Equities: The AI and obesity rally is defying gravity

Quarterly Outlook
Peter Garnry

Chief Investment Strategist

Summary:  Amid AI and obesity drug excitement, equities see varied prospects: neutral on overvalued US stocks, negative on Japan due to JPY risks, positive on Europe. European defence stocks gain appeal.


How much can the rubber band be stretched?

A benign economic backdrop combined with investor excitement over generative artificial intelligence (AI) and the new class of obesity drugs from Eli Lilly and Novo Nordisk have set in motion a speculative fever. The result is nothing but stunning. In no time, Nvidia has been catapulted to become the third most valuable company in the US worth $2.2trn and Novo Nordisk has become Europe’s most valuable company worth $600bn.

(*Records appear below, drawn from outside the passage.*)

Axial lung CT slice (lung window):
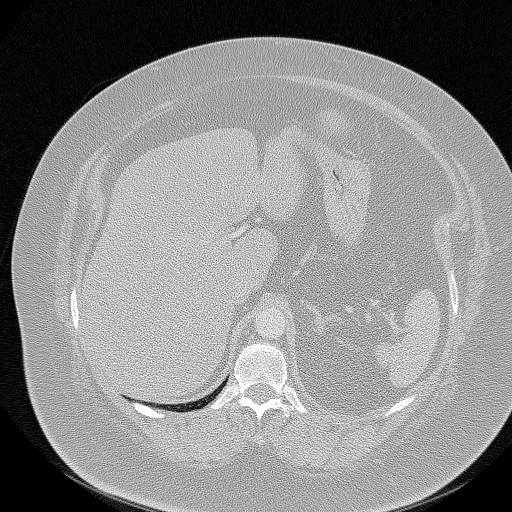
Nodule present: no
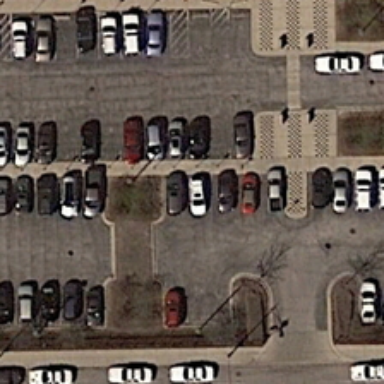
There are some cars parking along the edges of a parking lot .
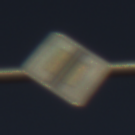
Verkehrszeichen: EndeVorfahrtsstrasse
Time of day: MorningAfternoon
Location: Outdoor (Nature)
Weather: Clear
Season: NotSpecified
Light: Natural
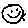
Label: smiley face
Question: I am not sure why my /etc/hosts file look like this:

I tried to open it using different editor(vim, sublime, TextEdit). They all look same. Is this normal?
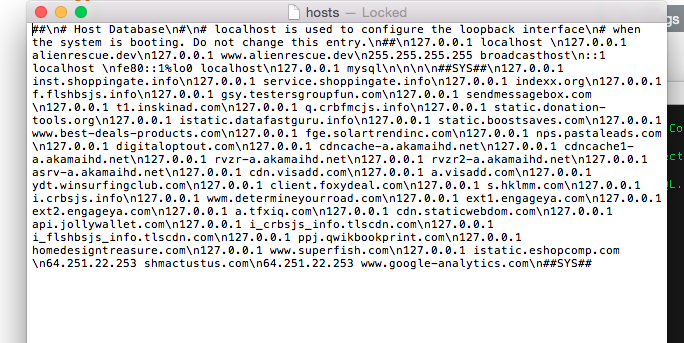
Answer: It's broken. You have probably imported it from Windows, so you're experimenting UNIX/DOS new line incompatibilities. Maybe you copied/pasted and placed it in '/etc/hosts/'?
I would use VI to get rid of the '
' and convert them into actual new line chars.
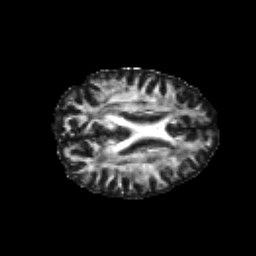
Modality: FA
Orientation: axial
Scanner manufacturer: siemens
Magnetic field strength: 3 T
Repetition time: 6.8 s
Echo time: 0.093 s
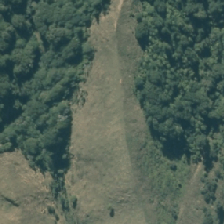
Land cover: low_producing_grassland
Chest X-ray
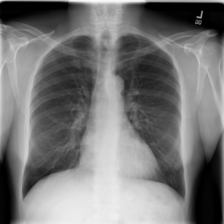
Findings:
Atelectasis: negative
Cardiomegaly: negative
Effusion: negative
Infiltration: negative
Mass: negative
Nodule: negative
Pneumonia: negative
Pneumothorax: negative
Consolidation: negative
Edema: negative
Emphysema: negative
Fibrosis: negative
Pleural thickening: negative
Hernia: negative
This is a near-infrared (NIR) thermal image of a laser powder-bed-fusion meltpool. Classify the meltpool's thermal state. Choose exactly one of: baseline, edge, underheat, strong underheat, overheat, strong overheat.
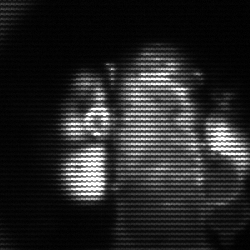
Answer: strong underheat
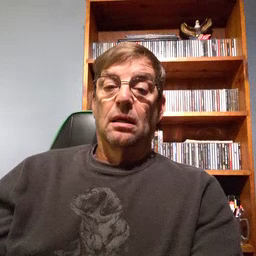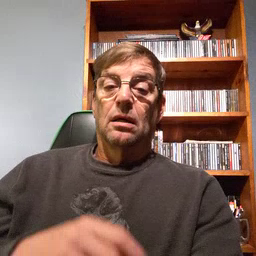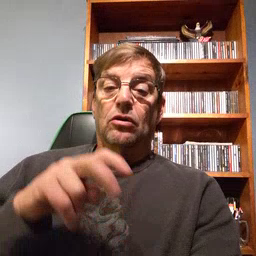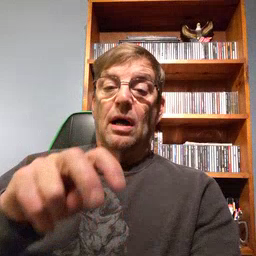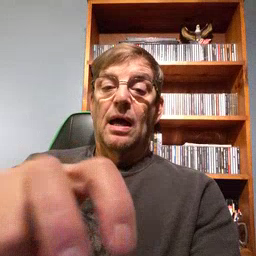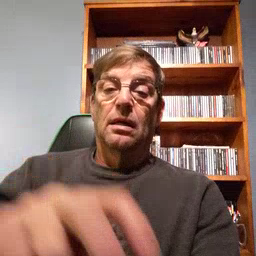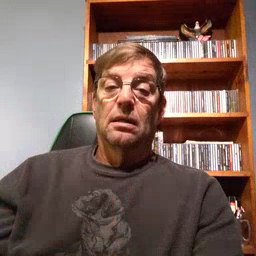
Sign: ride
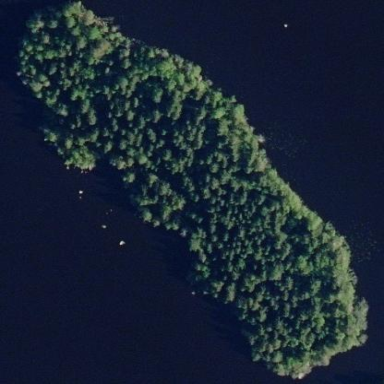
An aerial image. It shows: Evergreen needle-leaved woodland on small islet.
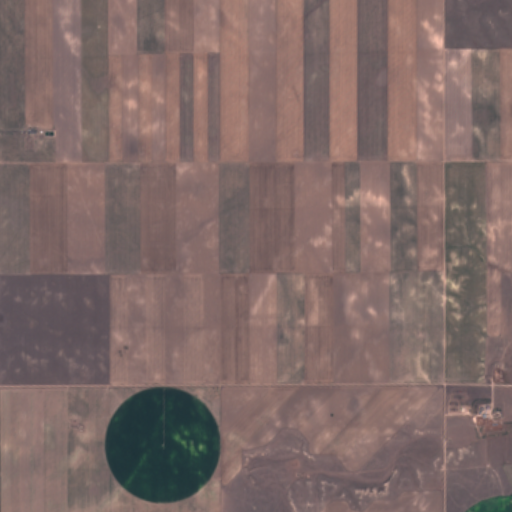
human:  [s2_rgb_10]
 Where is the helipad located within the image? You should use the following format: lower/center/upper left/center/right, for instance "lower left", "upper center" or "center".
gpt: The helipad is located in the upper left of the image.
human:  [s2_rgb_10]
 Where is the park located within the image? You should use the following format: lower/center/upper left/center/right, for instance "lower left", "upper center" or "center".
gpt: There is no park in the image.
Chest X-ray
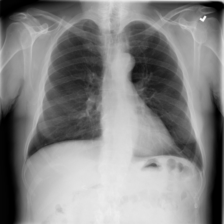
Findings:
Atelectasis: negative
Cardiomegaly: negative
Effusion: negative
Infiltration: negative
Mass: negative
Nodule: negative
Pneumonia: negative
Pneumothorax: negative
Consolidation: negative
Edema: negative
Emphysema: negative
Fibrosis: negative
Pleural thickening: negative
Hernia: negative
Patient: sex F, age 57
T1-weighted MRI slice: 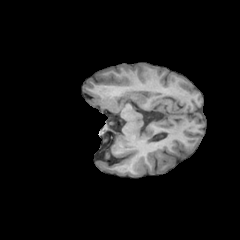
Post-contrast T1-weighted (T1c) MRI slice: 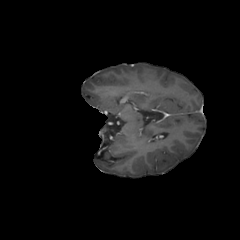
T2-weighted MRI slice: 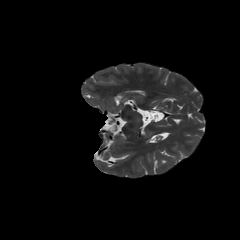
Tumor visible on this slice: no
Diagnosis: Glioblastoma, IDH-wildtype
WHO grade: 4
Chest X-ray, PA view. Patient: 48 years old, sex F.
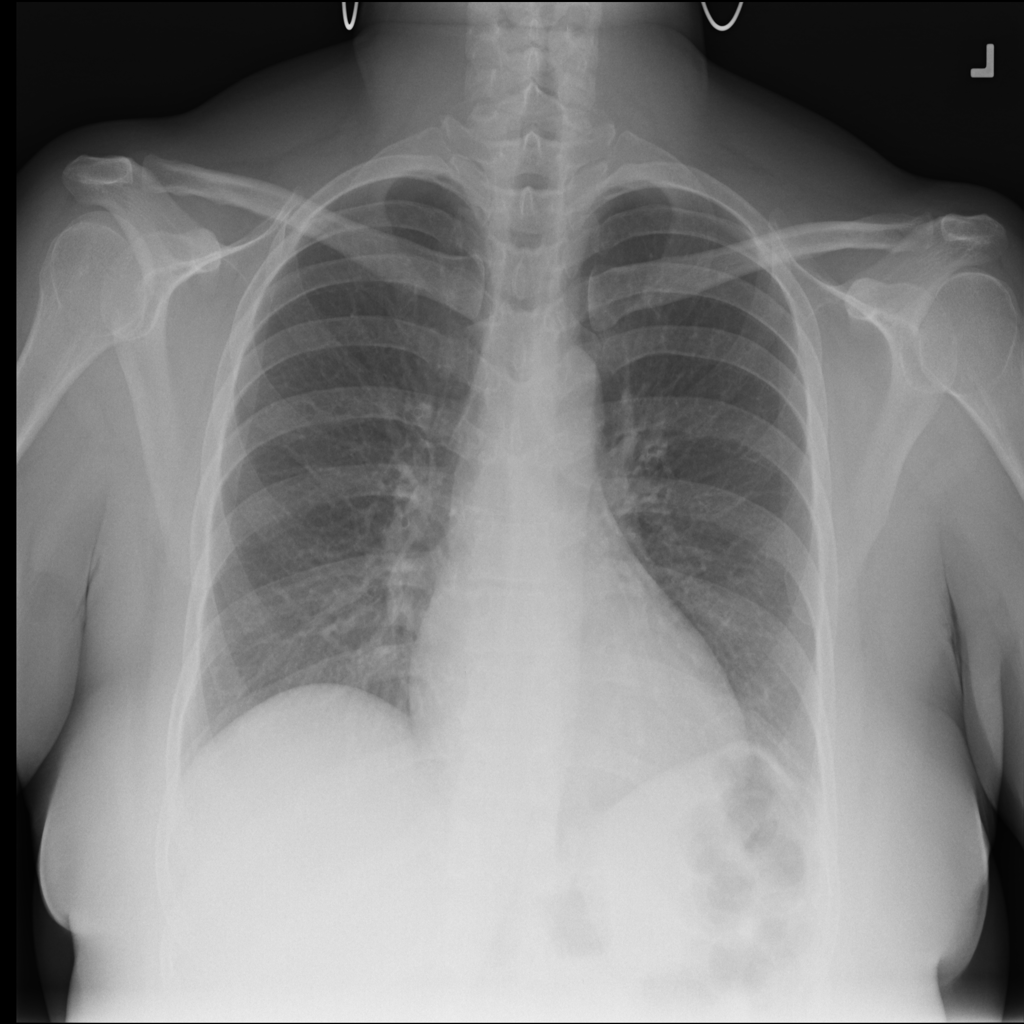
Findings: No Finding
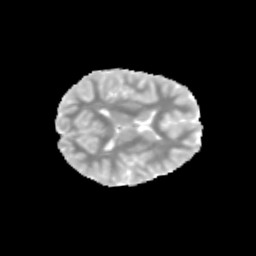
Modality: MD
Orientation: axial
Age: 9
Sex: female
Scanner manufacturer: siemens
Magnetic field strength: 3 T
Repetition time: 3.8 s
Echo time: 0.07 s
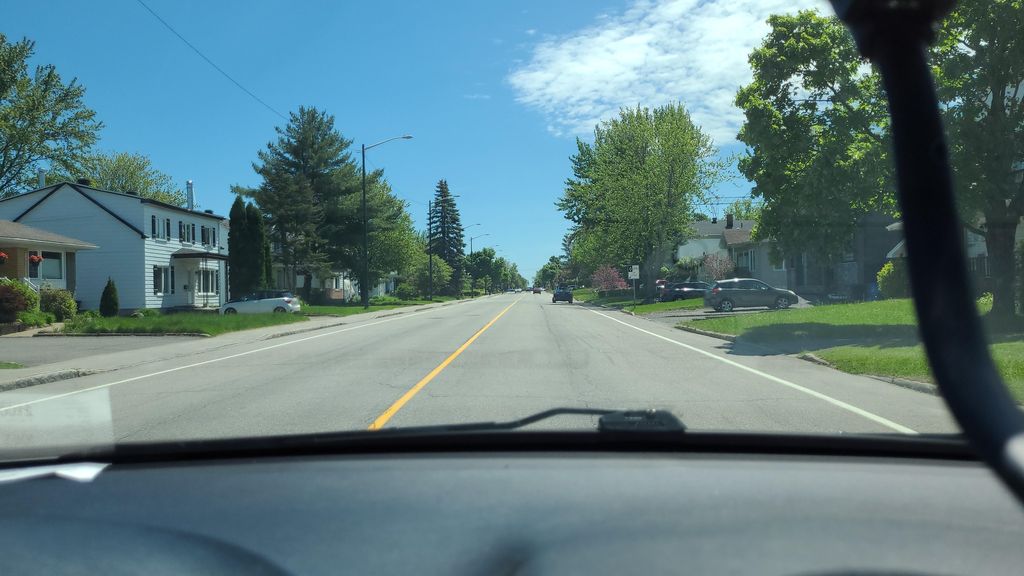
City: quebec_city
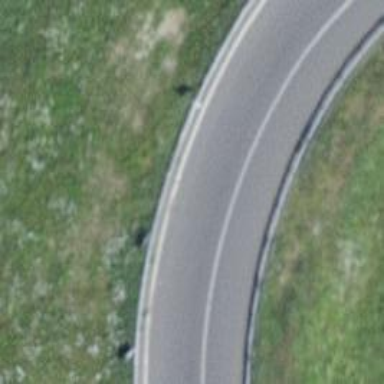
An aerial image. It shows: Asphalt motorway link.

Next to these stories there is an entire ecosystem of AI related companies, and obesity and biotechnology companies thriving on this boom in innovation. And not to forget the Magnificent Seven

Excitement always drive greed and extrapolation of expectations to unsustainable levels. This time is no different. As of February 2024, the US equity market hit valuation levels not seen since the dot-com and 2021 technology bubbles. Historically, the current equity valuation has led to low equity returns after subtracting inflation over the subsequent 10 years. Since December 2021, US equities are only up 5.2% and US CPI Index is up 10.6% as of January 2024. With US equities at their current equity valuations it is not the time to get greedy. In fact, investors should think about reducing their US equity exposure. Of course, we could be horribly wrong and the rubber band stretches even further.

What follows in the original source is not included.